See what the fighters of Saturday’s UFC 218 in Detroit went with as their backing tracks.

* * * *

Max Holloway def. Jose Aldo via TKO (strikes) – Round 3, 4:51

Max Holloway: “Blessings/Hawaiian Kickboxer” by Big Sean/Moke Boy

Jose Aldo: “Somos Sente De Zambada” by Lenin Ramirez feat. Regulo Cabo

Francis Ngannou def. Alistair Overeem via knockout (punches) – Round 1, 1:42

Francis Ngannou: “Mi Gente” by J Balvin

Alistair Overeem: “Put Your Hands Up 4 Detroit” by Fedde Le Grand

Henry Cejudo def. Sergio Pettis via unanimous decision (30-27, 30-27, 30-27)

Henry Cejudo: “The Show Goes On” by Lupe Fiasco

Sergio Pettis: “Good Life” by Kanye West feat. T-Pain

Eddie Alvarez def. Justin Gaethje via knockout (knee, punches) – Round 3, 3:59

Eddie Alvarez: “Victory” by Puff Daddy feat. The Notorious B.I.G. & DMX

Justin Gaethje: “Champion” by Keznamdi

Tecia Torres def. Michelle Waterson via unanimous decision (30-27, 29-28, 29-28)

Tecia Torres: “Techno Syndrome/Dreamer” The Immortals/Charlie XCX

Michelle Waterson: “Believer” by Imagine Dragons

Paul Felder def.
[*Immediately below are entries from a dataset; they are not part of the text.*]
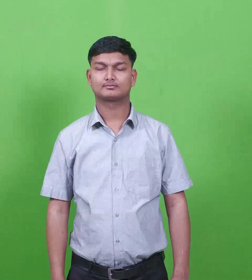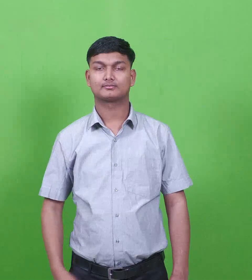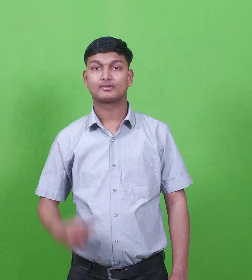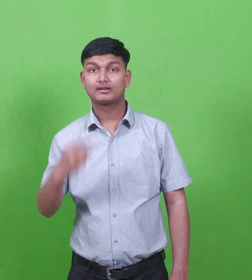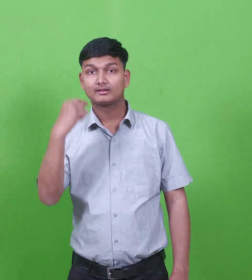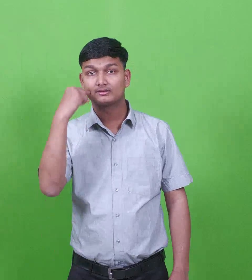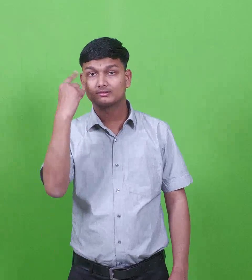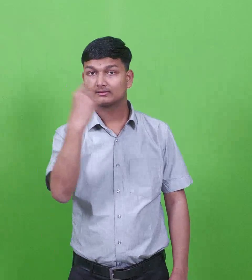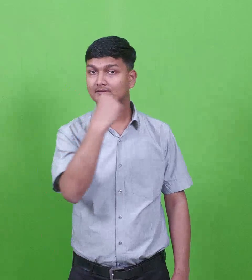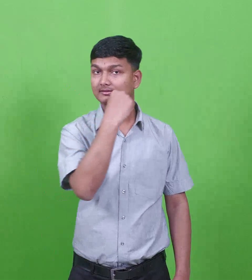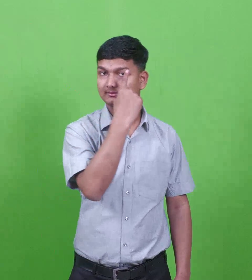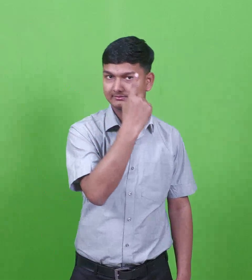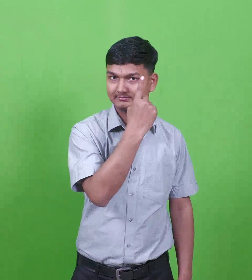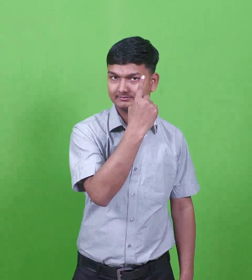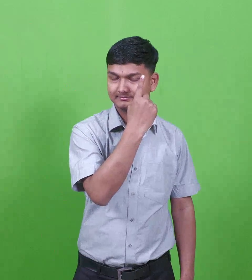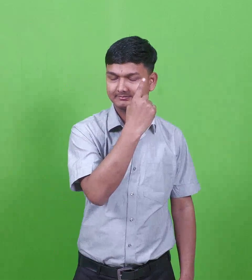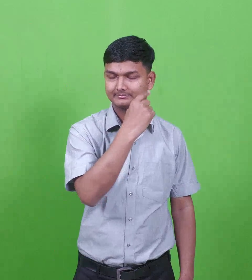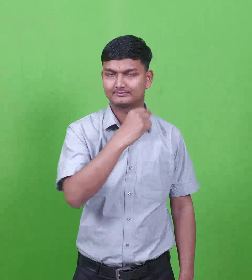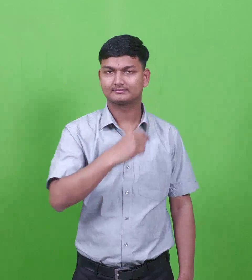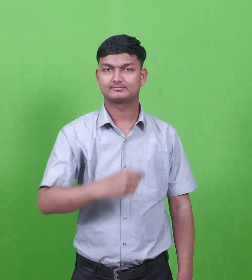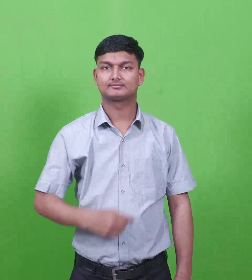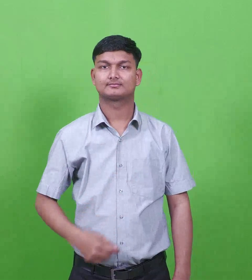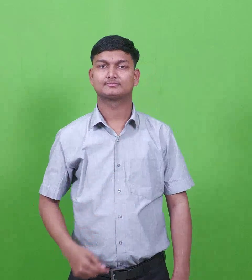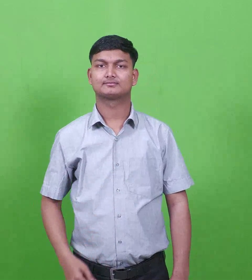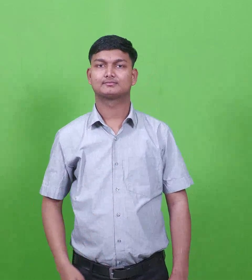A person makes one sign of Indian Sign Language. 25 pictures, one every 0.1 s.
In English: achala
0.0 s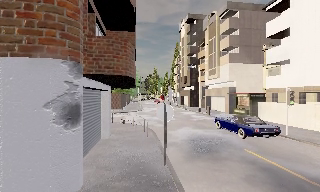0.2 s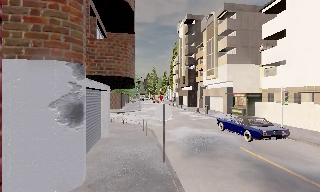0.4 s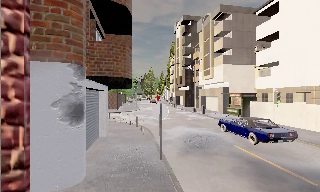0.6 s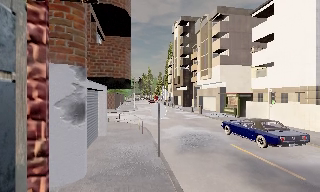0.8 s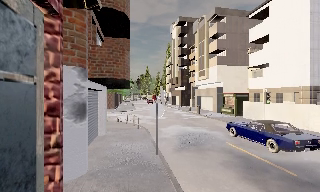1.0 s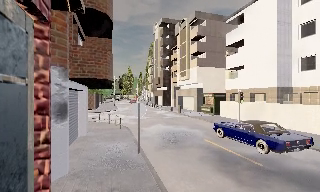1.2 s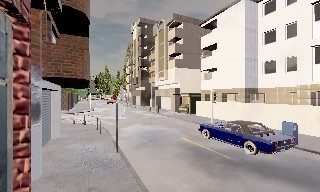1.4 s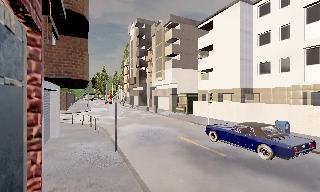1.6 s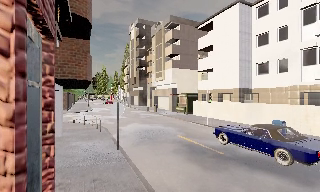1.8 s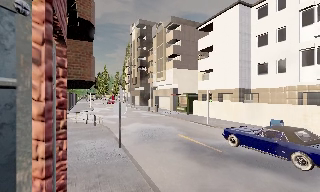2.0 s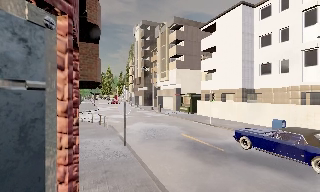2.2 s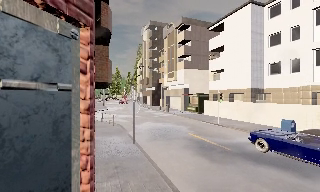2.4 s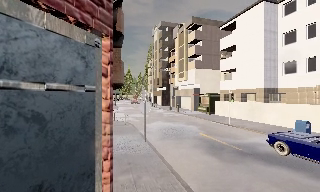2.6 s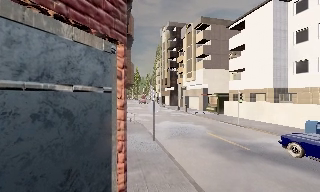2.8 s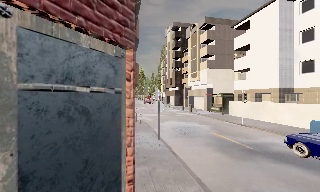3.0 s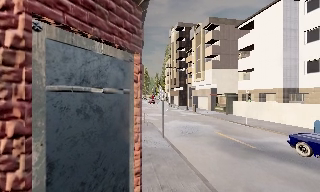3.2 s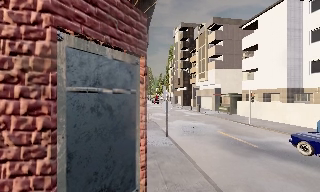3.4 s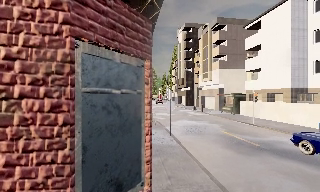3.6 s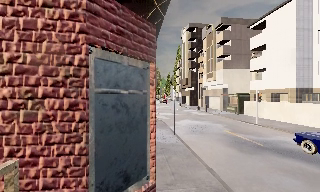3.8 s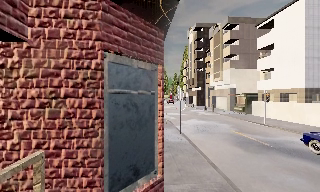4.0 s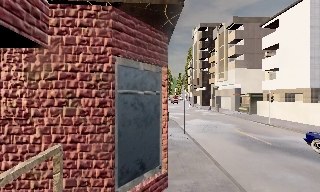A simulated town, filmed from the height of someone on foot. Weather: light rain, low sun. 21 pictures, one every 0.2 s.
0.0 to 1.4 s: The scene slides to the left, as the camera pans about 20 degrees to its right. It travels backward, about 2 m, so what stands in front gets smaller.
1.4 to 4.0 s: The camera pans to its left, which is counterclockwise from overhead, by about 20 degrees. It travels backward, about 3.5 m, so what stands in front gets smaller.
The film runs backward here.
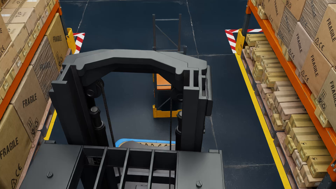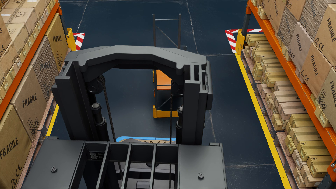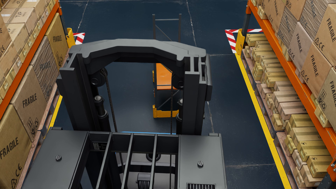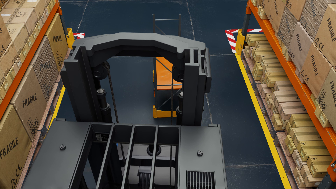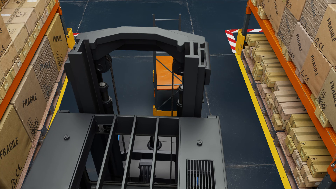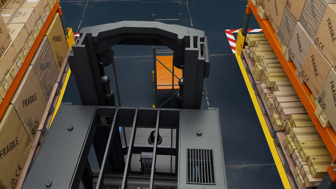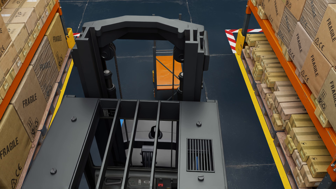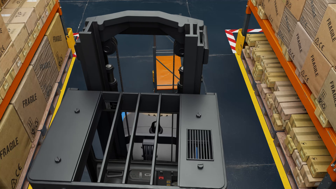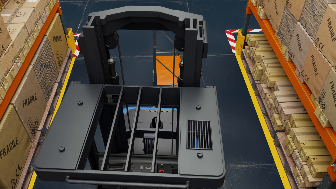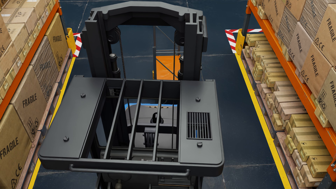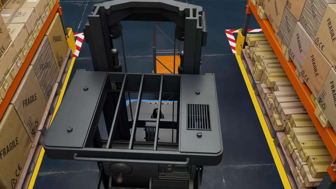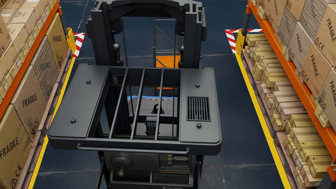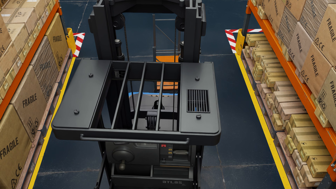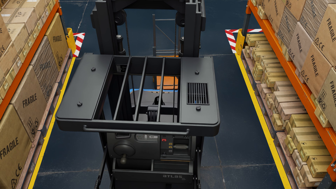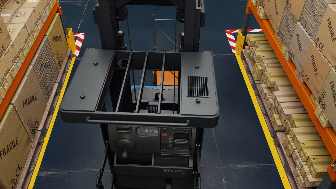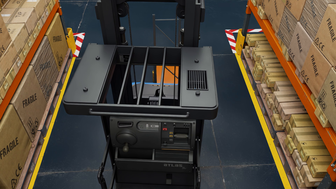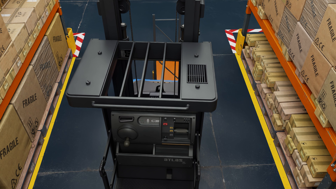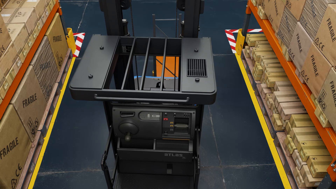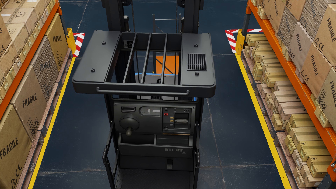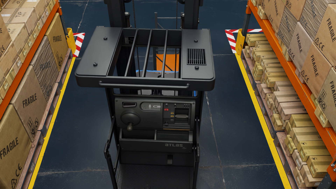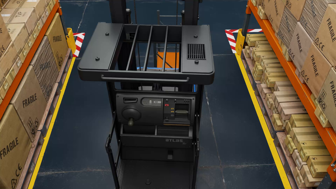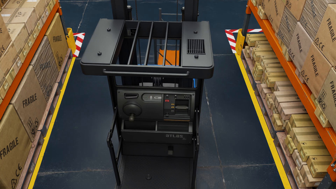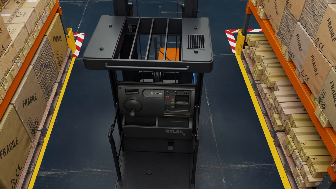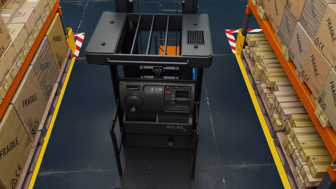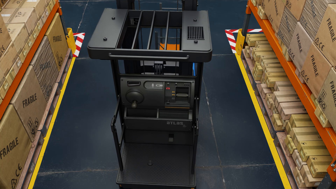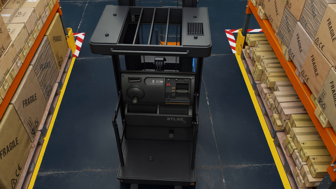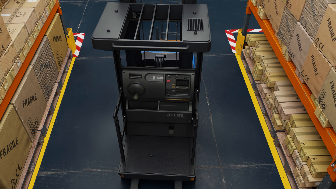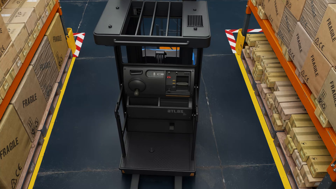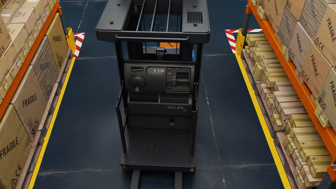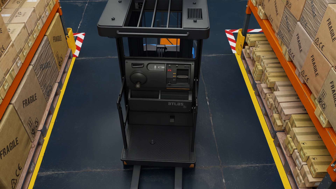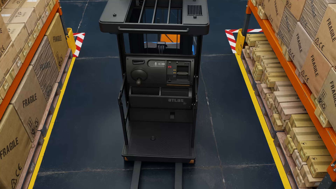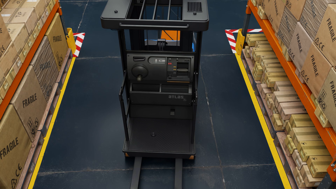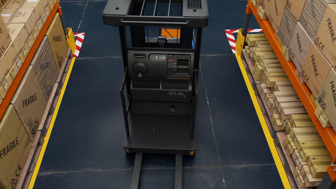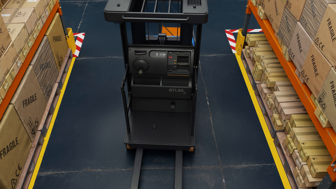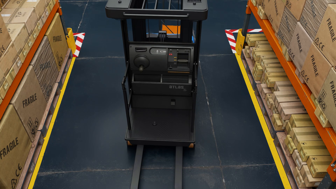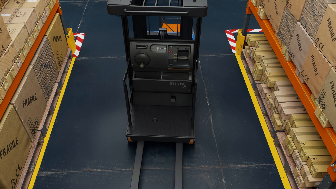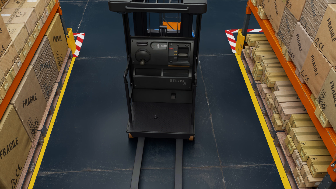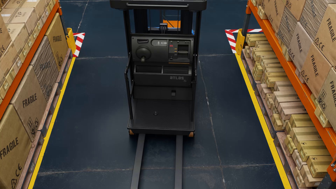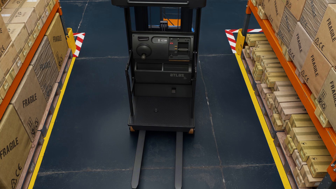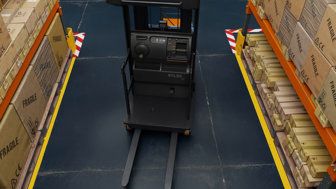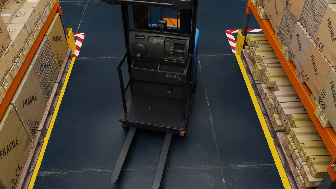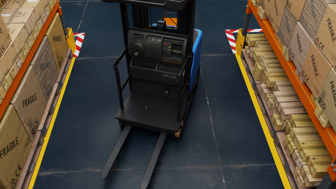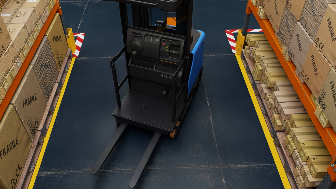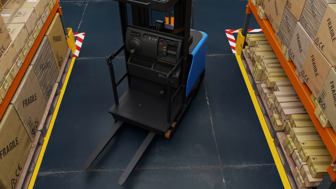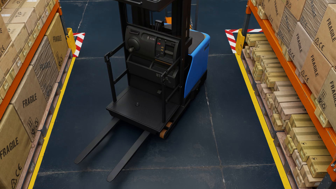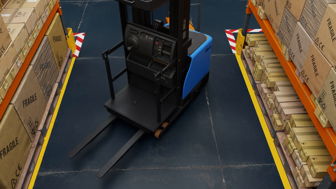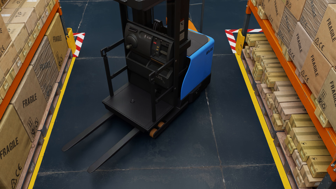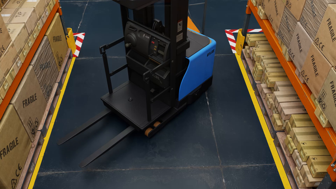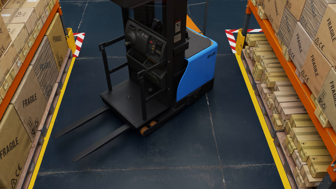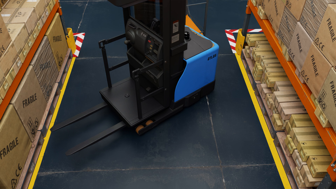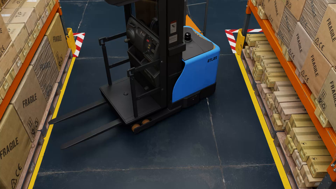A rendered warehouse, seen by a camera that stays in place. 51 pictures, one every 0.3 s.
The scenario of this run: A forklift runs into an object in its way.
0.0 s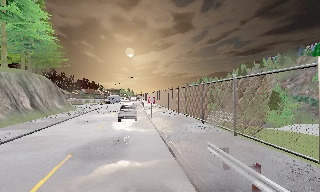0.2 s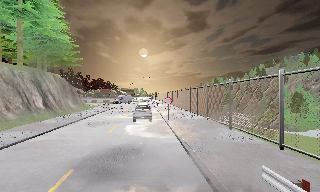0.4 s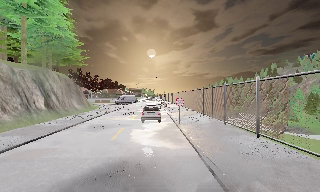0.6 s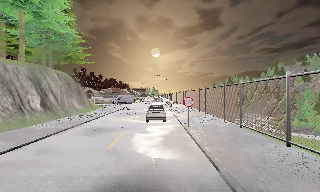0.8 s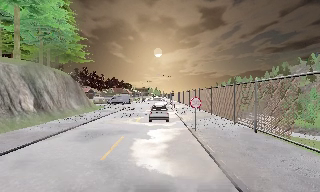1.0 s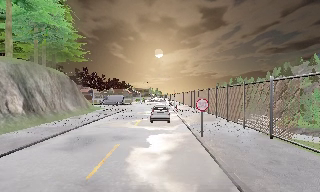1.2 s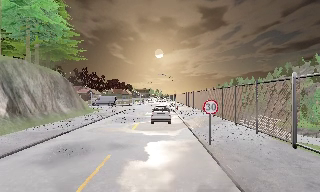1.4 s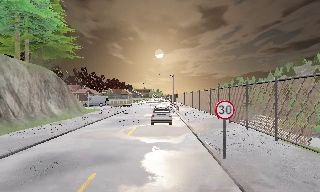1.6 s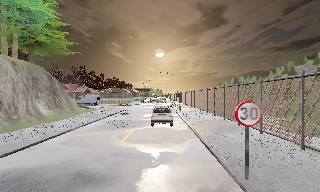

Charles Oliveira via knockout (strikes) – Round 2, 4:06

Paul Felder: “Thunder” by Imagine Dragons

Charles Oliveira: “O Hino” by Fernandinho

Yancy Medeiros def. Alex Oliveira via TKO (punches) – Round 3, 2:02

Yancy Medeiros: “We are Hawaii’s Finest/Till I Collapse” by Ekulo/Eminem

Alex Oliveira: “Balada” by Gusttavo Lima

David Teymur def. Drakkar Klose via unanimous decision (30-27, 30-27, 29-28)

David Teymur: “Suryoyo Football Song”

Drakkar Klose: “Devastated” by Joey Bada$$

Felice Herrig def. Cortney Casey via split decision (29-28, 28-29, 29-28)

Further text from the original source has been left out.